Tracking the various components through which a request flows, to detect those components contributing to a problem in the request, can be a complex undertaking. Generally, such an analysis mandates that for every request problem analyzed, a new set of components must also be analyzed to detect those particular components that contribute to that particular problem. It is possible that the same components are used by multiple requests, and hence one request may impact another request. As such, when the components are analyzed they need to be analyzed in the context of all requests coming into the system. Looking at a runtime view of a large middleware system to analyze that system creates a complex tangled network of components.


Creating a complex network of components additionally requires a lot of data to detect relations. Unless a hook exists in the path of the executing request for all components, then creating an accurate picture of this network is not practical. Complex representations also increase the time needed to perform the analysis, and potentially introduce duplicate analysis on the same components based on various requests. Further analyzing this complex network generally requires analyzing all of the components in the request flow as one whole. If any components are missed, then the system must be able to properly discount it in the overall flow, before analyzing the rest of the components. These problems prevent, for example, a phased implementation, where, e.g. a first phase analyzes Java Database Connectivity (JDBC) and Enterprise JavaBeans (EJB), and a second phase analyzes the system's threads.
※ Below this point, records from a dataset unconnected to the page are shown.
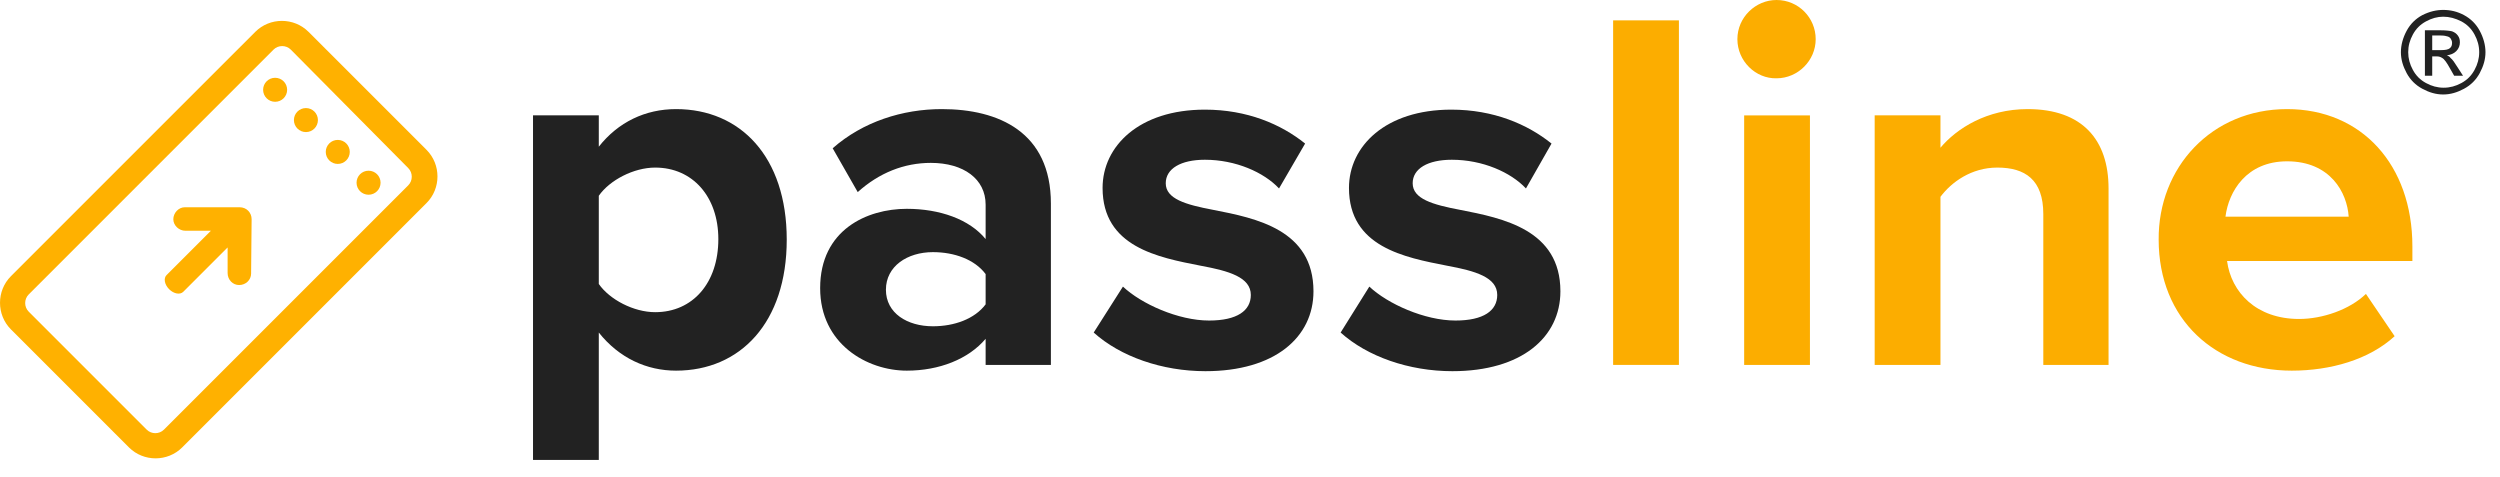 <svg width="131" height="25" viewBox="0 0 131 25" fill="none" xmlns="http://www.w3.org/2000/svg">
<path d="M128.023 0.52C128.406 0.52 128.762 0.602 129.117 0.793C129.473 0.985 129.746 1.258 129.938 1.614C130.129 1.97 130.239 2.353 130.239 2.736C130.239 3.119 130.129 3.474 129.938 3.83C129.746 4.185 129.473 4.459 129.117 4.65C128.762 4.842 128.406 4.951 128.023 4.951C127.64 4.951 127.284 4.842 126.929 4.65C126.573 4.459 126.3 4.185 126.108 3.83C125.917 3.474 125.807 3.119 125.807 2.736C125.807 2.353 125.917 1.97 126.108 1.614C126.3 1.258 126.573 0.985 126.929 0.793C127.312 0.602 127.667 0.52 128.023 0.52ZM128.023 0.875C127.722 0.875 127.421 0.957 127.12 1.122C126.819 1.286 126.6 1.505 126.436 1.805C126.272 2.106 126.19 2.407 126.19 2.736C126.19 3.064 126.272 3.365 126.436 3.666C126.6 3.967 126.819 4.185 127.12 4.35C127.421 4.514 127.722 4.596 128.05 4.596C128.379 4.596 128.679 4.514 128.98 4.35C129.281 4.185 129.5 3.967 129.664 3.666C129.828 3.365 129.91 3.064 129.91 2.736C129.91 2.407 129.828 2.106 129.664 1.805C129.5 1.505 129.281 1.286 128.98 1.122C128.652 0.957 128.351 0.875 128.023 0.875ZM127.065 3.967V1.587H127.886C128.16 1.587 128.379 1.614 128.488 1.641C128.625 1.696 128.707 1.751 128.789 1.86C128.871 1.97 128.898 2.079 128.898 2.216C128.898 2.38 128.844 2.544 128.707 2.681C128.57 2.818 128.406 2.872 128.214 2.9C128.296 2.927 128.379 2.982 128.406 3.036C128.515 3.119 128.625 3.283 128.761 3.502L129.062 3.967H128.597L128.379 3.584C128.214 3.283 128.078 3.091 127.968 3.036C127.886 2.982 127.804 2.954 127.667 2.954H127.448V3.967H127.065ZM127.448 2.626H127.913C128.132 2.626 128.296 2.599 128.379 2.517C128.461 2.462 128.488 2.353 128.488 2.243C128.488 2.161 128.461 2.106 128.433 2.052C128.406 1.997 128.351 1.942 128.269 1.915C128.187 1.888 128.078 1.86 127.886 1.86H127.448V2.626Z" fill="#222222"/>
<path d="M31.377 24.1H27.93V6.045H31.377V7.687C32.389 6.401 33.811 5.717 35.425 5.717C38.79 5.717 41.225 8.207 41.225 12.556C41.225 16.905 38.79 19.422 35.425 19.422C33.893 19.422 32.444 18.766 31.377 17.425V24.1ZM34.331 8.781C33.209 8.781 31.951 9.437 31.377 10.258V14.881C31.951 15.702 33.209 16.358 34.331 16.358C36.301 16.358 37.641 14.826 37.641 12.529C37.641 10.313 36.301 8.781 34.331 8.781Z" fill="#222222"/>
<path d="M51.647 19.121V17.753C50.745 18.82 49.213 19.422 47.517 19.422C45.438 19.422 42.976 18.027 42.976 15.1C42.976 12.036 45.438 10.942 47.517 10.942C49.24 10.942 50.799 11.489 51.647 12.528V10.723C51.647 9.383 50.498 8.535 48.775 8.535C47.38 8.535 46.067 9.054 44.945 10.066L43.632 7.769C45.219 6.374 47.298 5.717 49.349 5.717C52.331 5.717 55.067 6.921 55.067 10.668V19.121H51.647ZM51.647 14.361C51.073 13.595 50.006 13.212 48.884 13.212C47.544 13.212 46.422 13.951 46.422 15.182C46.422 16.413 47.544 17.097 48.884 17.097C50.006 17.097 51.073 16.714 51.647 15.948V14.361Z" fill="#222222"/>
<path d="M58.842 15.018C59.799 15.921 61.741 16.796 63.355 16.796C64.832 16.796 65.543 16.276 65.543 15.456C65.543 14.526 64.395 14.197 62.917 13.924C60.674 13.486 57.775 12.939 57.775 9.848C57.775 7.659 59.69 5.745 63.136 5.745C65.352 5.745 67.13 6.51 68.388 7.523L67.021 9.875C66.227 9.027 64.75 8.371 63.136 8.371C61.878 8.371 61.085 8.836 61.085 9.602C61.085 10.422 62.124 10.723 63.574 10.997C65.817 11.434 68.826 12.036 68.826 15.264C68.826 17.671 66.802 19.45 63.164 19.45C60.893 19.45 58.705 18.684 57.31 17.425L58.842 15.018Z" fill="#222222"/>
<path d="M71.753 15.018C72.711 15.921 74.653 16.796 76.267 16.796C77.744 16.796 78.455 16.276 78.455 15.456C78.455 14.526 77.306 14.197 75.829 13.924C73.586 13.486 70.686 12.939 70.686 9.848C70.686 7.659 72.601 5.745 76.048 5.745C78.264 5.745 80.042 6.51 81.3 7.523L79.96 9.875C79.167 9.027 77.689 8.371 76.076 8.371C74.817 8.371 74.024 8.836 74.024 9.602C74.024 10.422 75.063 10.723 76.513 10.997C78.756 11.434 81.765 12.036 81.765 15.264C81.765 17.671 79.741 19.45 76.103 19.45C73.832 19.45 71.644 18.684 70.249 17.425L71.753 15.018Z" fill="#222222"/>
<path d="M84.528 19.121V1.067H87.975V19.121H84.528Z" fill="#FCAD00"/>
<path d="M91.039 2.052C91.039 0.903 91.996 0 93.09 0C94.239 0 95.142 0.93 95.142 2.052C95.142 3.173 94.212 4.103 93.09 4.103C91.996 4.131 91.039 3.201 91.039 2.052ZM91.394 19.121V6.046H94.841V19.121H91.394Z" fill="#FCAD00"/>
<path d="M107.069 19.121V11.216C107.069 9.41 106.111 8.781 104.661 8.781C103.294 8.781 102.254 9.547 101.68 10.313V19.121H98.233V6.045H101.68V7.741C102.528 6.729 104.114 5.717 106.248 5.717C109.12 5.717 110.488 7.331 110.488 9.875V19.121H107.069Z" fill="#FCAD00"/>
<path d="M119.843 5.717C123.755 5.717 126.409 8.644 126.409 12.912V13.678H116.698C116.916 15.319 118.229 16.714 120.473 16.714C121.704 16.714 123.126 16.222 123.974 15.401L125.479 17.617C124.138 18.848 122.114 19.422 120.09 19.422C116.096 19.422 113.114 16.741 113.114 12.556C113.087 8.781 115.877 5.717 119.843 5.717ZM116.615 11.352H123.071C122.989 10.094 122.114 8.453 119.843 8.453C117.71 8.453 116.78 10.039 116.615 11.352Z" fill="#FCAD00"/>
<path d="M19.312 10.204C19.66 10.204 19.942 9.922 19.942 9.574C19.942 9.227 19.66 8.945 19.312 8.945C18.965 8.945 18.683 9.227 18.683 9.574C18.683 9.922 18.965 10.204 19.312 10.204Z" fill="#FFB100"/>
<path d="M17.699 8.59C18.046 8.59 18.328 8.308 18.328 7.96C18.328 7.613 18.046 7.331 17.699 7.331C17.351 7.331 17.07 7.613 17.07 7.96C17.07 8.308 17.351 8.59 17.699 8.59Z" fill="#FFB100"/>
<path d="M16.03 6.921C16.378 6.921 16.659 6.639 16.659 6.292C16.659 5.944 16.378 5.663 16.03 5.663C15.683 5.663 15.401 5.944 15.401 6.292C15.401 6.639 15.683 6.921 16.03 6.921Z" fill="#FFB100"/>
<path d="M14.416 5.334C14.764 5.334 15.046 5.053 15.046 4.705C15.046 4.358 14.764 4.076 14.416 4.076C14.069 4.076 13.787 4.358 13.787 4.705C13.787 5.053 14.069 5.334 14.416 5.334Z" fill="#FFB100"/>
<path d="M15.237 2.599C14.991 2.353 14.58 2.353 14.334 2.599L1.505 15.428C1.258 15.675 1.258 16.085 1.505 16.331L7.687 22.513C7.933 22.76 8.343 22.76 8.59 22.513L21.392 9.711C21.638 9.465 21.638 9.055 21.392 8.808L15.237 2.599ZM16.167 1.669L22.349 7.851C23.115 8.617 23.115 9.875 22.349 10.641L9.547 23.444C8.781 24.209 7.523 24.209 6.757 23.444L0.574 17.261C-0.191 16.495 -0.191 15.237 0.574 14.471L13.377 1.669C14.143 0.903 15.401 0.903 16.167 1.669Z" fill="#FFB100"/>
<path d="M11.927 12.966L9.602 15.291C9.437 15.456 9.109 15.401 8.863 15.155C8.617 14.909 8.562 14.58 8.726 14.416L11.051 12.091H9.711C9.383 12.091 9.082 11.817 9.082 11.489C9.082 11.161 9.355 10.86 9.684 10.86H12.556C12.912 10.86 13.185 11.133 13.185 11.489L13.158 14.334C13.158 14.662 12.884 14.936 12.528 14.936C12.2 14.936 11.927 14.662 11.927 14.307V12.966Z" fill="#FFB100"/>
</svg>

These are the general areas that embodiments of the invention are intended to address.


SUMMARY

Described herein is a system and method for providing a static model map of behaviors in a middleware system, for use in identifying system problems. In accordance with an embodiment, the system provides a view of the system, such as a middleware system, which allows for analysis of the various components involved, such that analysis of one component does not affect the analysis of a second component. Locations within the middleware system where a particular request spends its time before returning a response are broadly categorized into either “wait” or “execution” locations. Irrespective of which request calls a component, the components exhibit the same behaviors which affect the response time of the request serviced. These exhibited behaviors are static and can be predefined for different types of components and analyzed independently of each other. In turn the behaviors can be similarly classified as either “wait” or “execution”, each of which can be considered aspects of a component. Each aspect of a component must satisfy the same efficiency/inefficiency as defined by the requirements on the middleware system. An aspect that does not meet the criteria is considered a “problem aspect” and is analyzed further to find the cause of the problem.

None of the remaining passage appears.